(Saved entries)
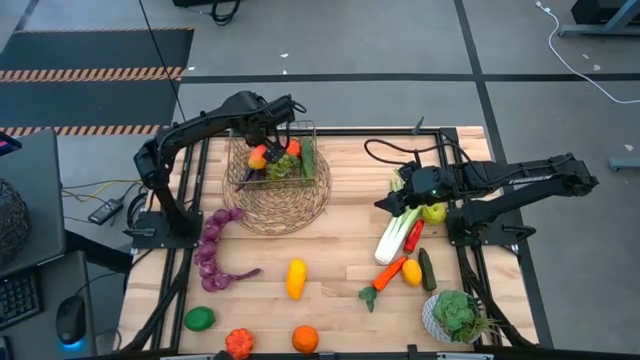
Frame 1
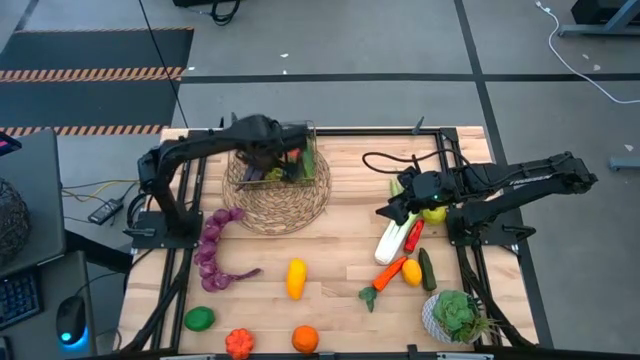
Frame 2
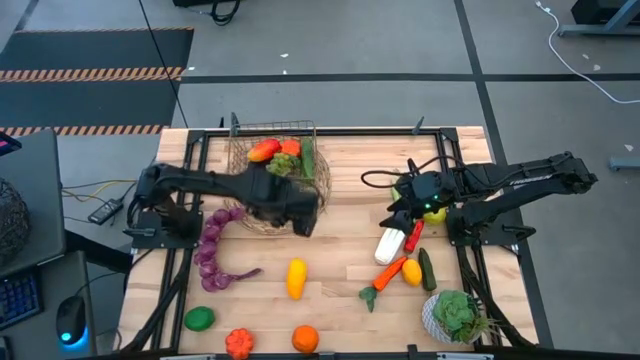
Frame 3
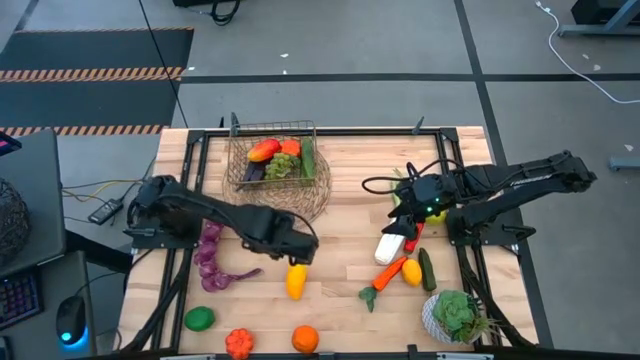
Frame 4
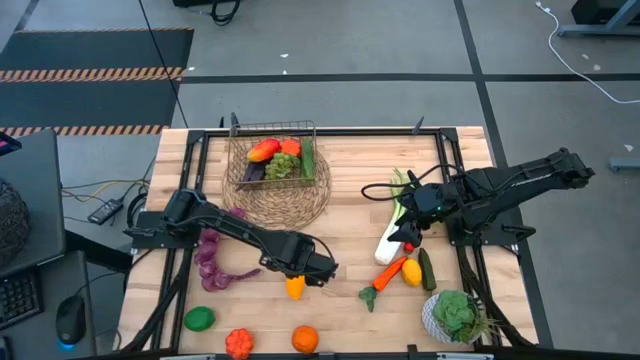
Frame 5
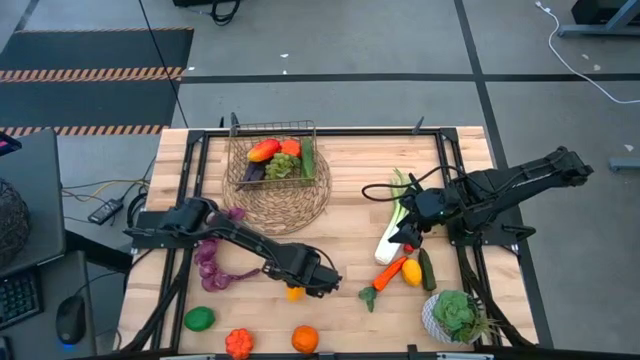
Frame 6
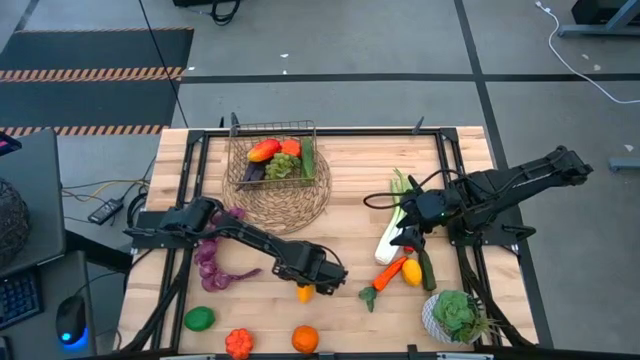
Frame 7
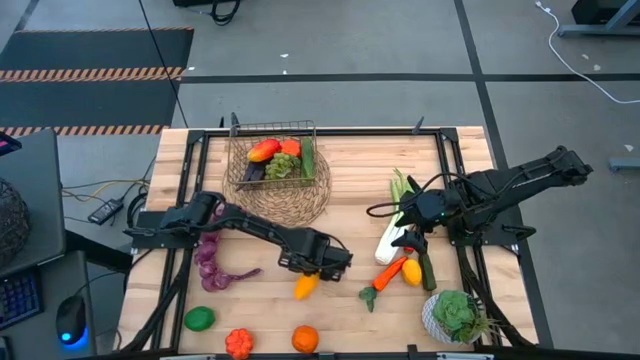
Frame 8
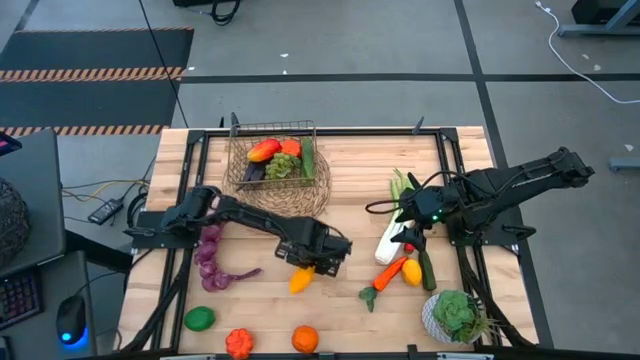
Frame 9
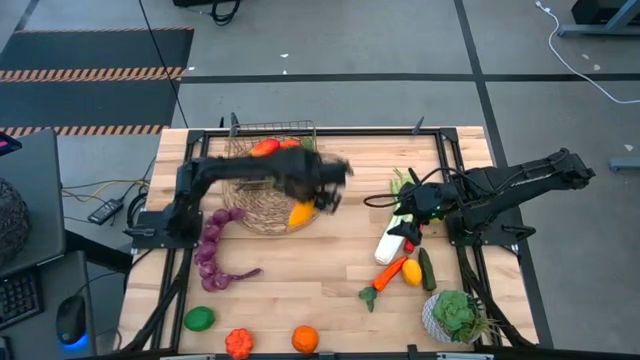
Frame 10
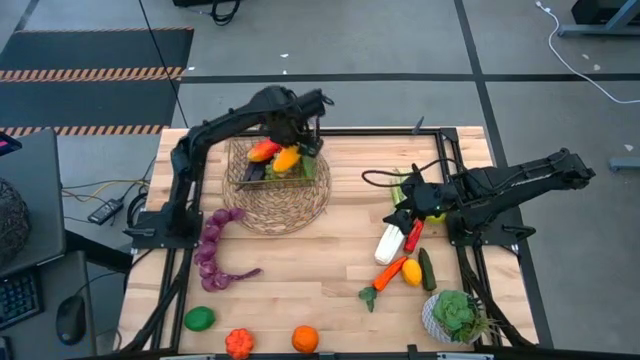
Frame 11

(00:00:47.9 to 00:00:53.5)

Required work:
Which lines above hold the word "Frame"? Copy each of them.

Solved exercise:
Frame 1
Frame 2
Frame 3
Frame 4
Frame 5
Frame 6
Frame 7
Frame 8
Frame 9
Frame 10
Frame 11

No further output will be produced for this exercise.